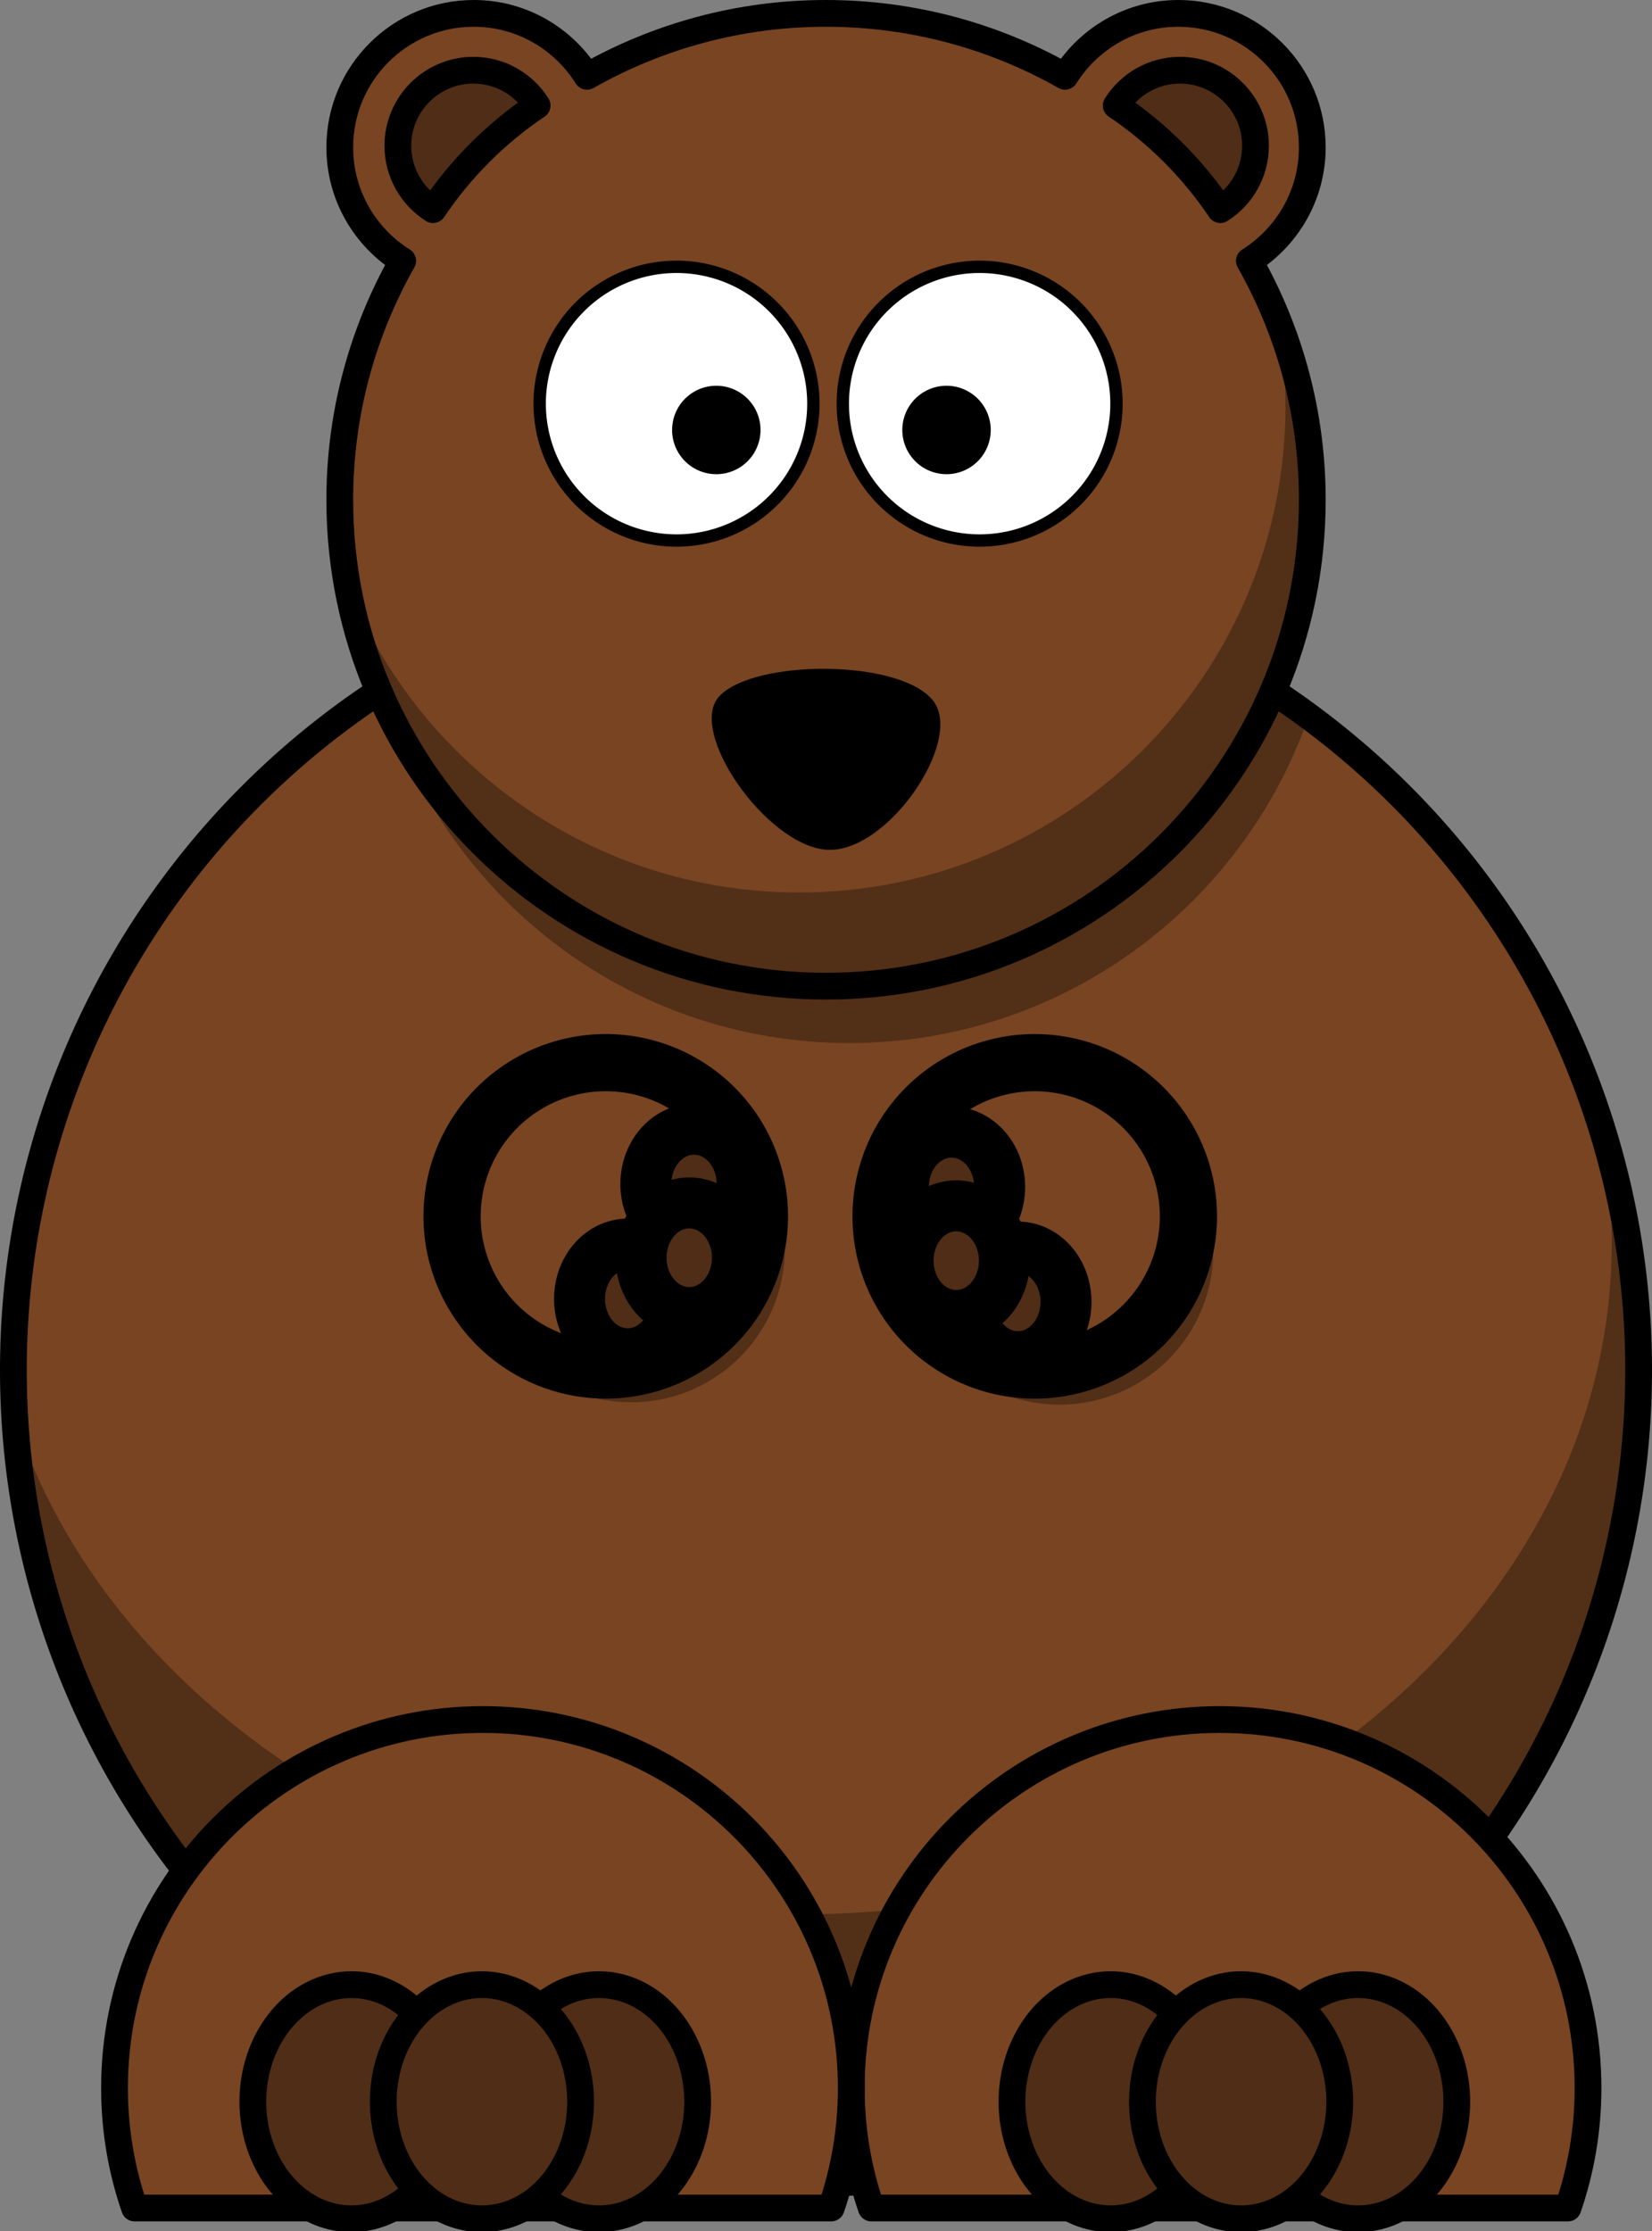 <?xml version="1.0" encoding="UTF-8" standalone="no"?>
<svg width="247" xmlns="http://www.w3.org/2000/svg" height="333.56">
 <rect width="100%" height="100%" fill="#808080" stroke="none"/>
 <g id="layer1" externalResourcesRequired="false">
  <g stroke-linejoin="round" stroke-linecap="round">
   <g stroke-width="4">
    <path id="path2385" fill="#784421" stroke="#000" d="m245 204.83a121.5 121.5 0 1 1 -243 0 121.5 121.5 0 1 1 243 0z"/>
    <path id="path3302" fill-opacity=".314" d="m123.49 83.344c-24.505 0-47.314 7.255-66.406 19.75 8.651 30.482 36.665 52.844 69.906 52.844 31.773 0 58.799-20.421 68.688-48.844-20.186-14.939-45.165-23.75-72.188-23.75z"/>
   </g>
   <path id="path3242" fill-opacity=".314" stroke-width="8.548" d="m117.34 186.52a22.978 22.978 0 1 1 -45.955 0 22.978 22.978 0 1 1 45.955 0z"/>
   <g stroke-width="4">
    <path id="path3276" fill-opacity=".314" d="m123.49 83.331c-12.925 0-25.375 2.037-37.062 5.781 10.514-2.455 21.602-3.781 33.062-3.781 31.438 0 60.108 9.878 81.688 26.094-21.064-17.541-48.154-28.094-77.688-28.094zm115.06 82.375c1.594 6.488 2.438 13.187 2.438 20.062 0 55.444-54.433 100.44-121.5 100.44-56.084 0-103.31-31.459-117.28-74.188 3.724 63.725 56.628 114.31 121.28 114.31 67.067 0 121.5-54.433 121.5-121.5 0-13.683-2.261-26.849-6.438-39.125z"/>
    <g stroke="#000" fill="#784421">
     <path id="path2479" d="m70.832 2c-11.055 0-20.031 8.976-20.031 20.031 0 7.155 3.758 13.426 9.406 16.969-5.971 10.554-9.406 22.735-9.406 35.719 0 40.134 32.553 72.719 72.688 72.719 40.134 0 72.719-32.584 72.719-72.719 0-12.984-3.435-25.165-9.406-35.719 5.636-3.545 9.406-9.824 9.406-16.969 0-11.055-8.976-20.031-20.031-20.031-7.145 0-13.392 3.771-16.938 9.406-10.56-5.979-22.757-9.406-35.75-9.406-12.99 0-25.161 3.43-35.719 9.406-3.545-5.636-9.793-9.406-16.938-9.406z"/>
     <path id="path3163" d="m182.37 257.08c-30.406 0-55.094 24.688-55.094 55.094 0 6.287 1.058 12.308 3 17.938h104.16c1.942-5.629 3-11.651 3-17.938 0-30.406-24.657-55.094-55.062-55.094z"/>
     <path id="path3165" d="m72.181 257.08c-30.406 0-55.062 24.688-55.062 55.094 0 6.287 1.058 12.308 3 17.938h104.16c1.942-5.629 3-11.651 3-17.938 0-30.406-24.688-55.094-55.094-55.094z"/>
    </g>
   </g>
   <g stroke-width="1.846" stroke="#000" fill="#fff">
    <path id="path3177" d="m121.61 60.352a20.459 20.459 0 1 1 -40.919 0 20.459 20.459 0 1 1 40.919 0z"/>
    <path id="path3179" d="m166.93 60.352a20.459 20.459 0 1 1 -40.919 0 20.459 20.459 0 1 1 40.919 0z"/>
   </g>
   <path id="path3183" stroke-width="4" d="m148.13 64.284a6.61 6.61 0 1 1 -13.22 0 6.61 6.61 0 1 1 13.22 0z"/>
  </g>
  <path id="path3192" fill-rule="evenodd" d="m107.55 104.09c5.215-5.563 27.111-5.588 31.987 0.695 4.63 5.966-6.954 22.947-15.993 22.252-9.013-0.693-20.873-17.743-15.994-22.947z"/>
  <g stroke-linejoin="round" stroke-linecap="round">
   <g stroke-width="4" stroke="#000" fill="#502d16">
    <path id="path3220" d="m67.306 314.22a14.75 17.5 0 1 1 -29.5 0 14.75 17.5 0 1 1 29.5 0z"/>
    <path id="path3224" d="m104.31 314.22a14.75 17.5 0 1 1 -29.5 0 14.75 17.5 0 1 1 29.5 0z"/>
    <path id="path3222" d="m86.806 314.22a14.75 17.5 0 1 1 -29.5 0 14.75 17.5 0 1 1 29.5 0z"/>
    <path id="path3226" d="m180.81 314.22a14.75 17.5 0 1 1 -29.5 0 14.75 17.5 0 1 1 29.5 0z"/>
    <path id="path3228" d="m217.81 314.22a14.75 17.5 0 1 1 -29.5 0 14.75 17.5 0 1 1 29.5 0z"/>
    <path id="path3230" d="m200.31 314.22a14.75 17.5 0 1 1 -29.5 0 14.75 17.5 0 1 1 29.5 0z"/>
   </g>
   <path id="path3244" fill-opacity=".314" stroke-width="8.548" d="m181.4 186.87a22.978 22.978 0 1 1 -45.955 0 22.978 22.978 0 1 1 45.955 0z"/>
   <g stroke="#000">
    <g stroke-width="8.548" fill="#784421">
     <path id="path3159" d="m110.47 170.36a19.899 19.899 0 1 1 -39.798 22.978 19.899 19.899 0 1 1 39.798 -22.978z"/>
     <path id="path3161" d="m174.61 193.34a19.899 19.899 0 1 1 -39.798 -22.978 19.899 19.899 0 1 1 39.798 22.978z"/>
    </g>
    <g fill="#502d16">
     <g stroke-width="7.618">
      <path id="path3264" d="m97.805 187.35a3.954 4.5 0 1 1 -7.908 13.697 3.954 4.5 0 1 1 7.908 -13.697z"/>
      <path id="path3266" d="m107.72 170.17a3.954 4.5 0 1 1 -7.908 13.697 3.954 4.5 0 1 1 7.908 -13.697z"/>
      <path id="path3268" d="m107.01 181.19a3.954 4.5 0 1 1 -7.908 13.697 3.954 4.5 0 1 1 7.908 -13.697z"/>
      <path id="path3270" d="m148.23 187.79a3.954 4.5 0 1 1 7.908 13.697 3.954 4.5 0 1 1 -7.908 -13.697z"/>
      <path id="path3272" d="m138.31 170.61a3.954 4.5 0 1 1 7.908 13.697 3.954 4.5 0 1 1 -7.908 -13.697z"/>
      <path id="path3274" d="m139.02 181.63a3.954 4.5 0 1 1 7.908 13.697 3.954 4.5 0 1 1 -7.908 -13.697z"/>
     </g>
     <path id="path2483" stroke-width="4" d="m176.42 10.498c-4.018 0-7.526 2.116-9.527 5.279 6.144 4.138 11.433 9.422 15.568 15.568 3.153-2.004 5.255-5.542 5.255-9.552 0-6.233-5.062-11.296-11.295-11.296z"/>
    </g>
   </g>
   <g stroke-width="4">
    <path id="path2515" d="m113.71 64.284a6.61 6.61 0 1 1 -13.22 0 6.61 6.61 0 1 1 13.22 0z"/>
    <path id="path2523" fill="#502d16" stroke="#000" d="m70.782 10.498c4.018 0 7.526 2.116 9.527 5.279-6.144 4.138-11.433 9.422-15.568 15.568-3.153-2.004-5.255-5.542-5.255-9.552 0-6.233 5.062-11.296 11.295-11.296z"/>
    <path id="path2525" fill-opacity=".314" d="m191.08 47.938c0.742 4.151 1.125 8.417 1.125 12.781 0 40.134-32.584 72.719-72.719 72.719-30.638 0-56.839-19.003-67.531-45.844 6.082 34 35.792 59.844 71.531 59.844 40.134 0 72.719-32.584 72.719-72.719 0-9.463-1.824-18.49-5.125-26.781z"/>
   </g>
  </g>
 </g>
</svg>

□ □ □

> Problem details: Where a line in the records above contains the word "height", copy that line.

> Result for this task:
<svg width="247" xmlns="http://www.w3.org/2000/svg" height="333.56">
 <rect width="100%" height="100%" fill="#808080" stroke="none"/>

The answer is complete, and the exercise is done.